2. `line.sh` A->B -> the message appears in the thread file, in B's inbox (wake line), AND in A's outbox.
3. `tell-tab.sh` to one tab -> the tab obeys without relaying the instruction as work.
4. The status icons cycle through a full work cycle, and an idle "waiting for input" notification does NOT paint yellow.
5. One mini-roundtable (two managers, one question each) proves cross-talk works.
6. Regression check: everything that existed before the build still works - pre-existing hooks fire, pre-existing scheduled jobs are untouched, and no existing settings were overwritten.
Report each test's result plainly.

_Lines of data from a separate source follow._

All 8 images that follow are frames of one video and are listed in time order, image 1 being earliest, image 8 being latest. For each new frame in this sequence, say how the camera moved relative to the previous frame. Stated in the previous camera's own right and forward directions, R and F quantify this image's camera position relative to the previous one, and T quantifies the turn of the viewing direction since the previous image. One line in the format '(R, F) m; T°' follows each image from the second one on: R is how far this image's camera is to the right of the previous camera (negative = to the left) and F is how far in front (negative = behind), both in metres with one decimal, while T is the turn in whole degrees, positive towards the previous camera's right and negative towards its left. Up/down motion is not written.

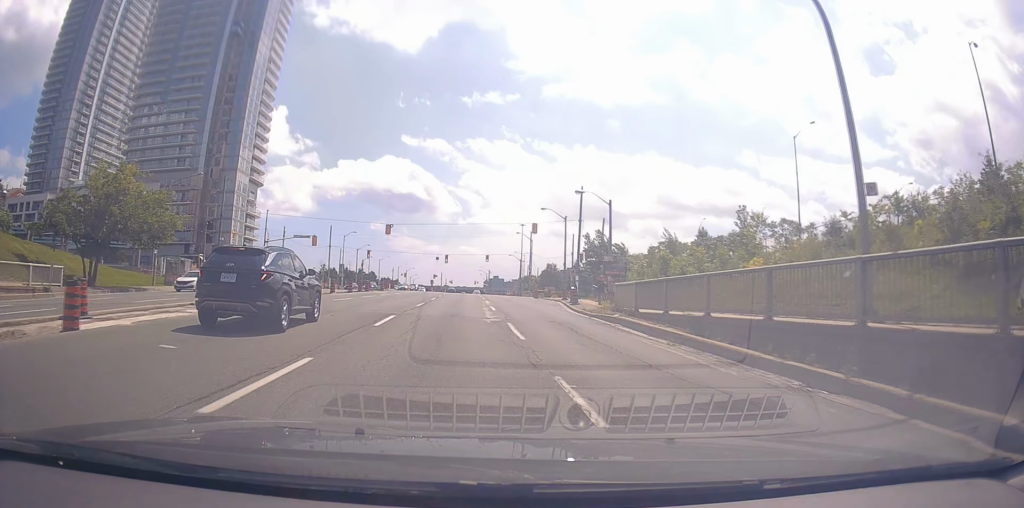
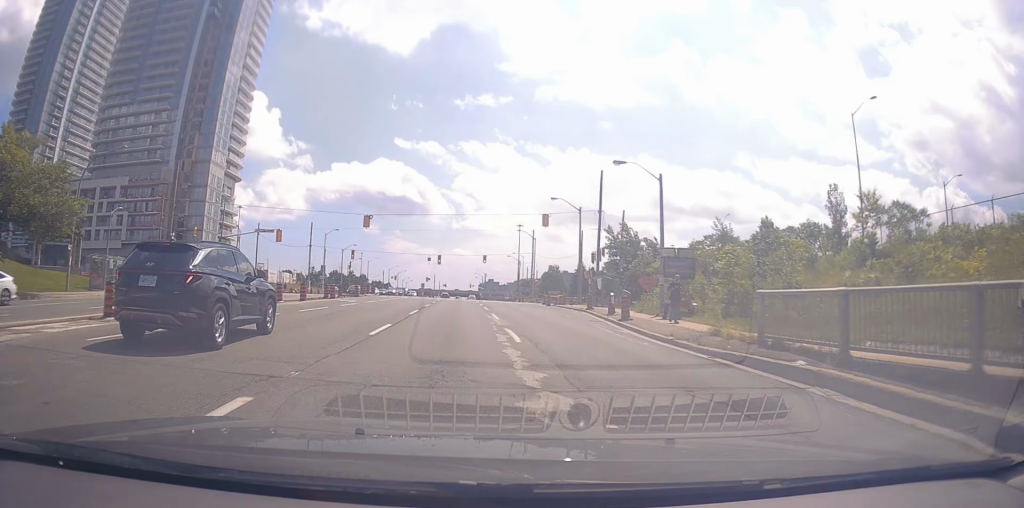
(+0.1, +11.5) m; +1°
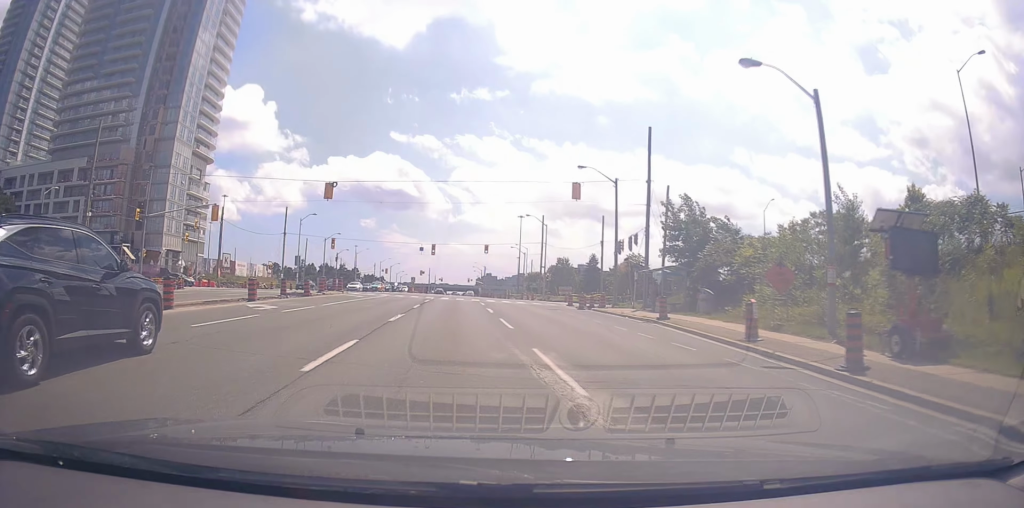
(+0.1, +14.5) m; +1°
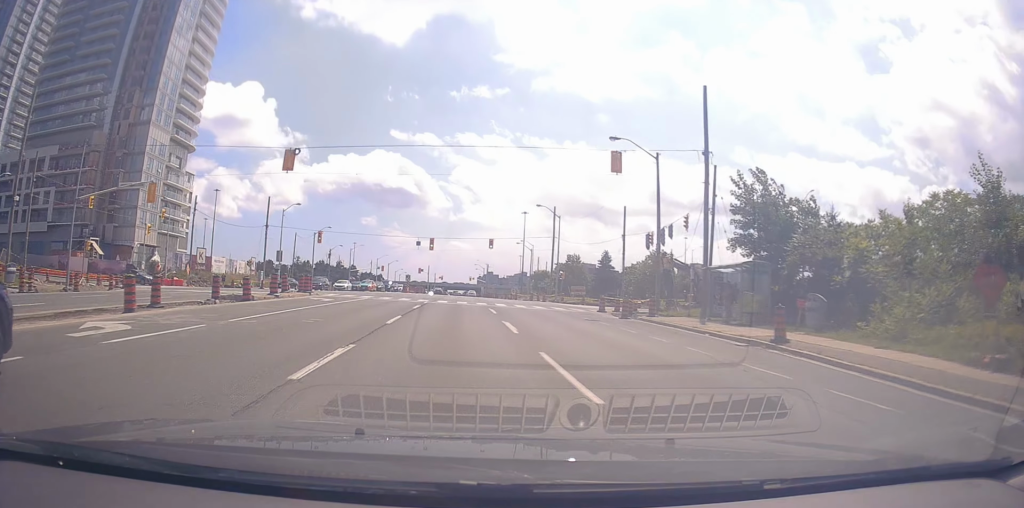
(+0.1, +9.6) m; 0°
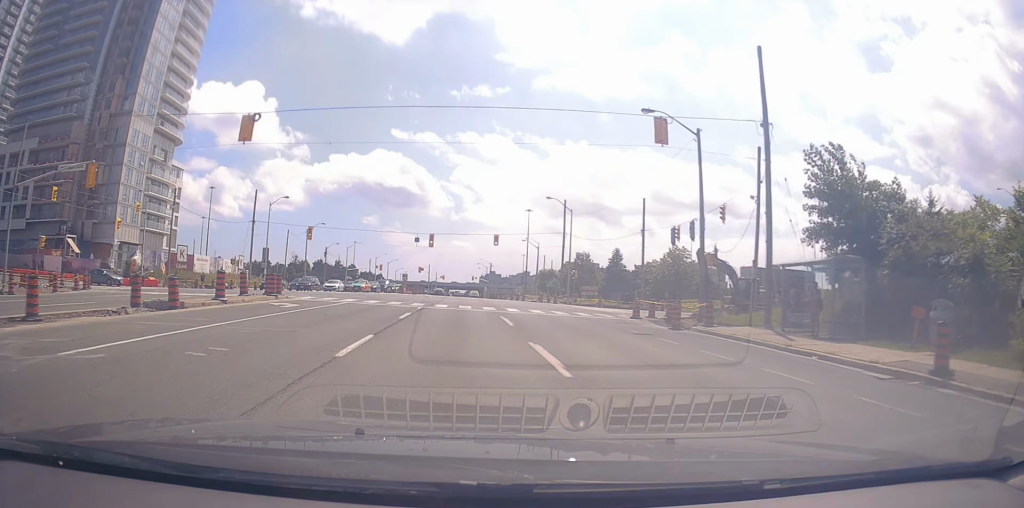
(0.0, +6.5) m; 0°
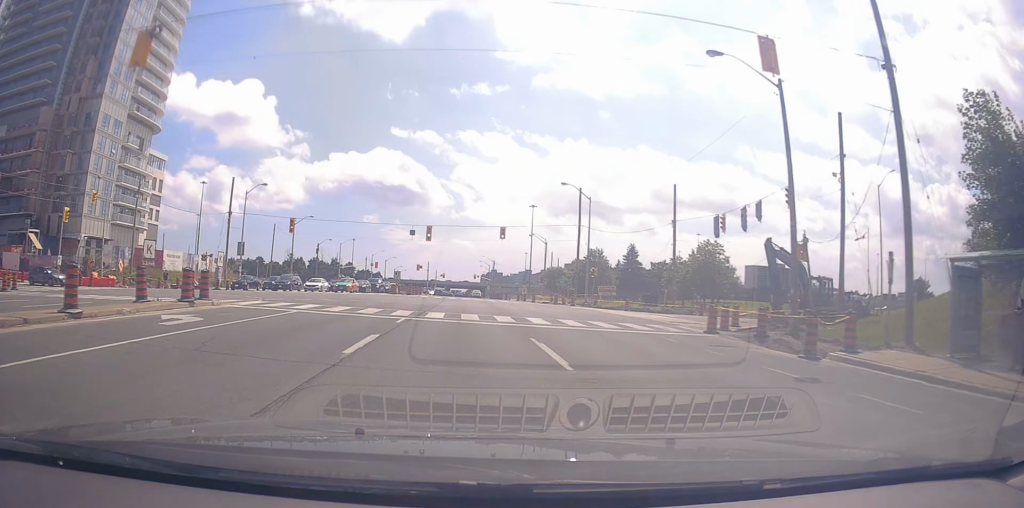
(0.0, +9.0) m; 0°
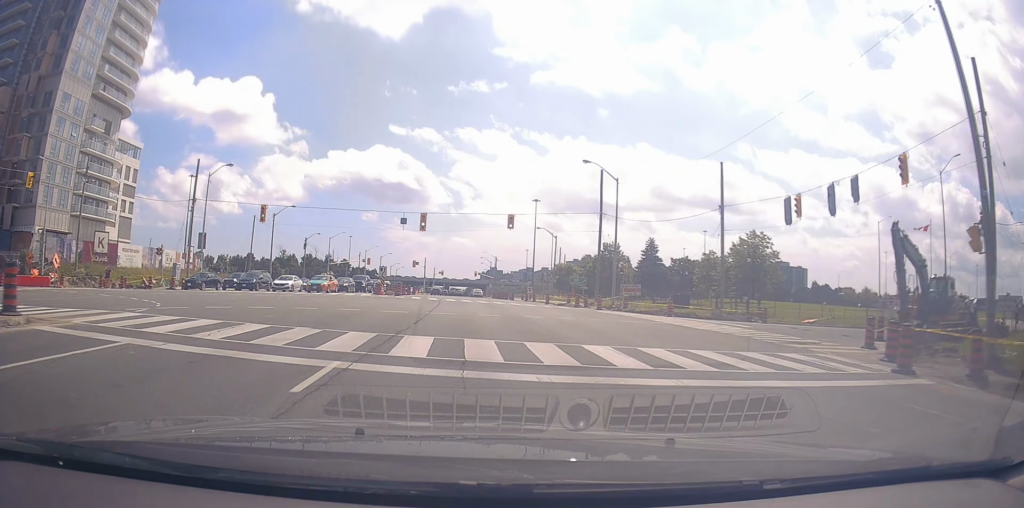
(-0.1, +10.3) m; 0°
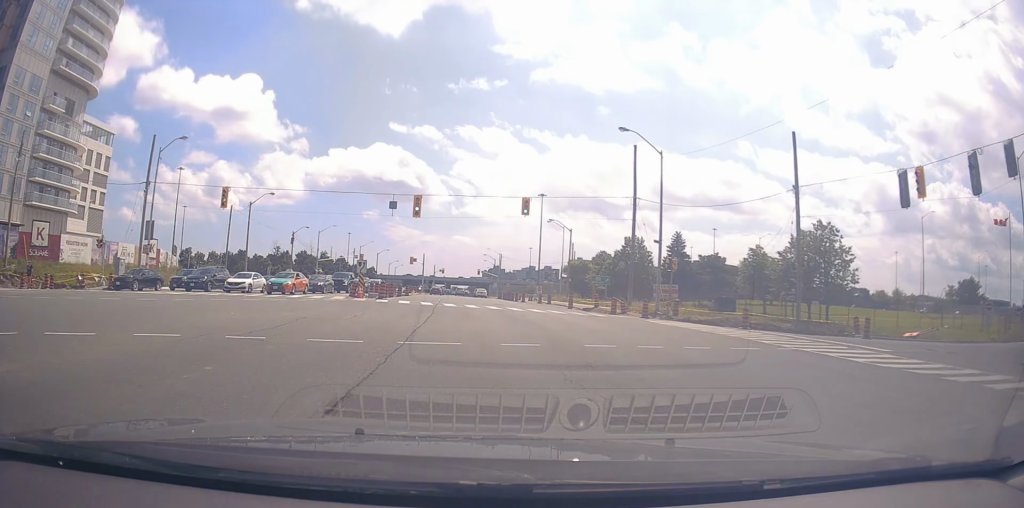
(0.0, +10.8) m; -1°
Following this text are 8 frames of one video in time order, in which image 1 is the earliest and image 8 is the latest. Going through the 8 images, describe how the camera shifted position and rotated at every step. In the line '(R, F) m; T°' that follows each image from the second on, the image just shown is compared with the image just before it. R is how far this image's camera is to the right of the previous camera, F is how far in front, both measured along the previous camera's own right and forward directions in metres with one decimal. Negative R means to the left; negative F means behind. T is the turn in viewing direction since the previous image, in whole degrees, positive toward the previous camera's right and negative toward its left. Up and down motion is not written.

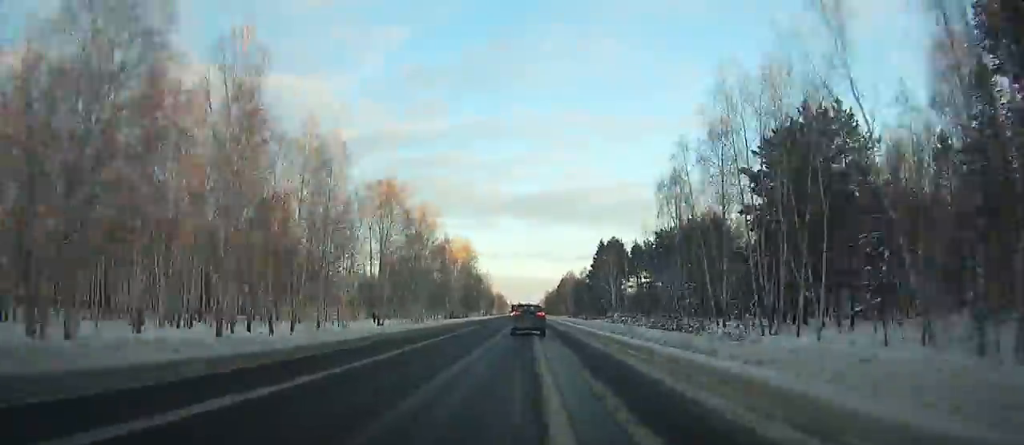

Fix anything that fails before declaring done.
### 2i. Persistence
Save the system's load-bearing facts to your auto-memory (one manager = worker + tab; the outbox rule; dispatch-don't-do; the chain of command; the red zones; where the action-tier table lives; the script paths) so every future session inherits them. Finish by giving me the exact tab-boot lines to keep somewhere handy.
Build step by step, test as you go, and keep me posted in plain language - I'm the principal this team works for.